Ainsi, dans une étude récente de l’International Fanconi Anemia Registry (IFAR), 64 % des enfants atteints d’AF mais sans malformation présentent au moins une de ces anomalies dites « mineures » ; ce chiffre monte à 100 % pour une cohorte d’enfants examinés dans un centre de référence.

– Le pronostic est dominé par l’atteinte hématologique, avec évolution vers un tableau d’insuffisance médullaire sévère et le risque de néoplasies (leucémies et cancers).

Dans une autre étude de l’IFAR portant sur 388 sujets, l’âge médian des 135 patients décédés est de 13 ans, et le risque actuariel de décès 20 ans après la détection des premières manifestations hématologiques est de 80 %.

1- Atteintes extrahématologiques :

Ne sont détaillées que les plus fréquentes d’entre elles.

– Retard staturopondéral : il est pratiquement constant et présent dès la naissance, secondaire à un retard de croissance intra-utérin.

Dans plus de 50 % des cas, le retard staturopondéral est important, inférieur au 5e percentile.

Il s’agit d’un retard de croissance harmonieux.

Dans quelques cas, un authentique déficit en hormone de croissance est présent.

– Dysmorphie faciale : elle est caractéristique et il est habituel de dire que les enfants atteints d’AF se ressemblent plus entre eux qu’ils ne ressemblent à leurs frères et soeurs indemnes.

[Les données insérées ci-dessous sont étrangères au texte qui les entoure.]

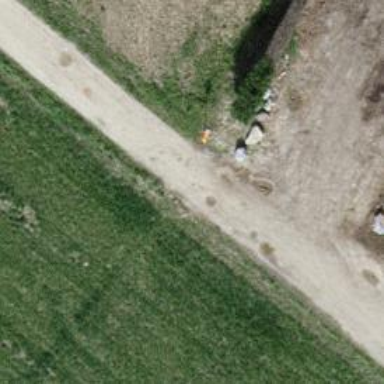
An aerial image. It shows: Orange aerial marker.
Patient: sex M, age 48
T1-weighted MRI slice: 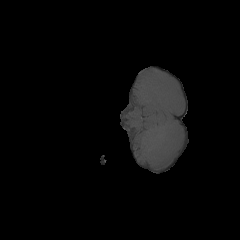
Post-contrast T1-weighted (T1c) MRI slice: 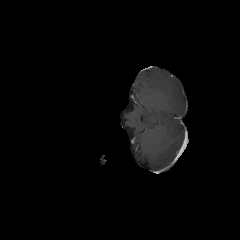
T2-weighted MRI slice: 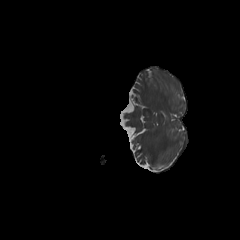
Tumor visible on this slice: no
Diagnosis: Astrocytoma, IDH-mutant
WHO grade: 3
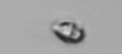
Label: Heterocapsa_rotundata
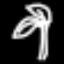
Label: palm tree
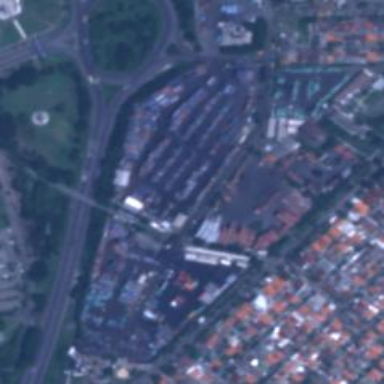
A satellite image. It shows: Industrial area.
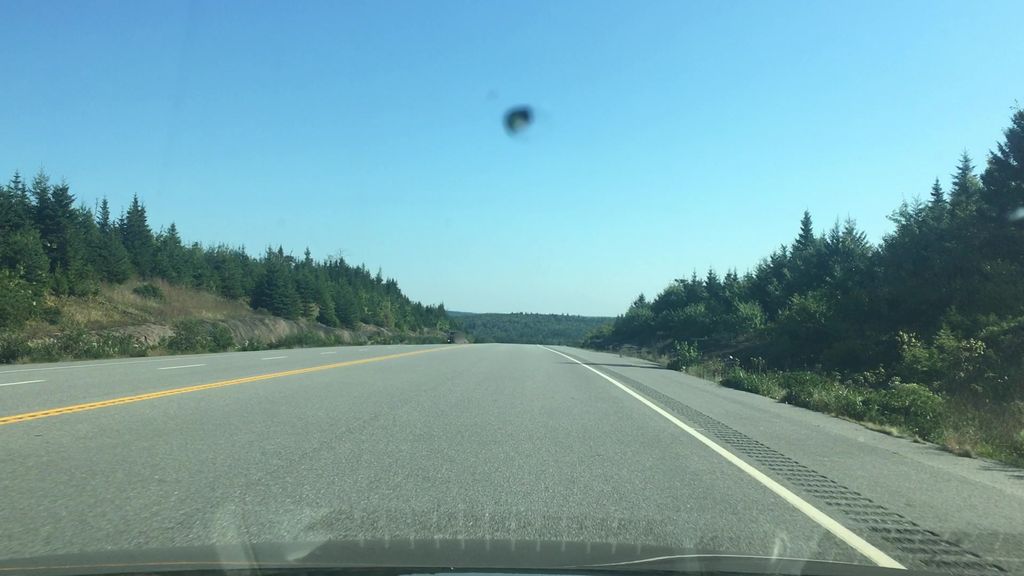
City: halifax
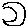
Label: moon
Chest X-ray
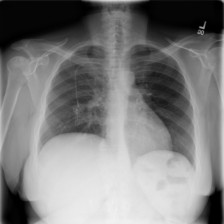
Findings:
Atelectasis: negative
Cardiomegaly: negative
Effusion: negative
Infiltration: negative
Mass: negative
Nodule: negative
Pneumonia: negative
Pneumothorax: negative
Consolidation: negative
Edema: negative
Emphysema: negative
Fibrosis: negative
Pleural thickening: negative
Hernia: negative

Les éléments les plus évocateurs sont un aspect triangulaire du visage avec micrognathie, une ensellure nasale marquée, une microphtalmie avec hypertélorisme et des traits fins.

Une microcéphalie inférieure au 5e percentile est présente dans 30 à 40 % des cas.

– Signes cutanés : l’atteinte cutanée est très fréquente, voire constante pour certains.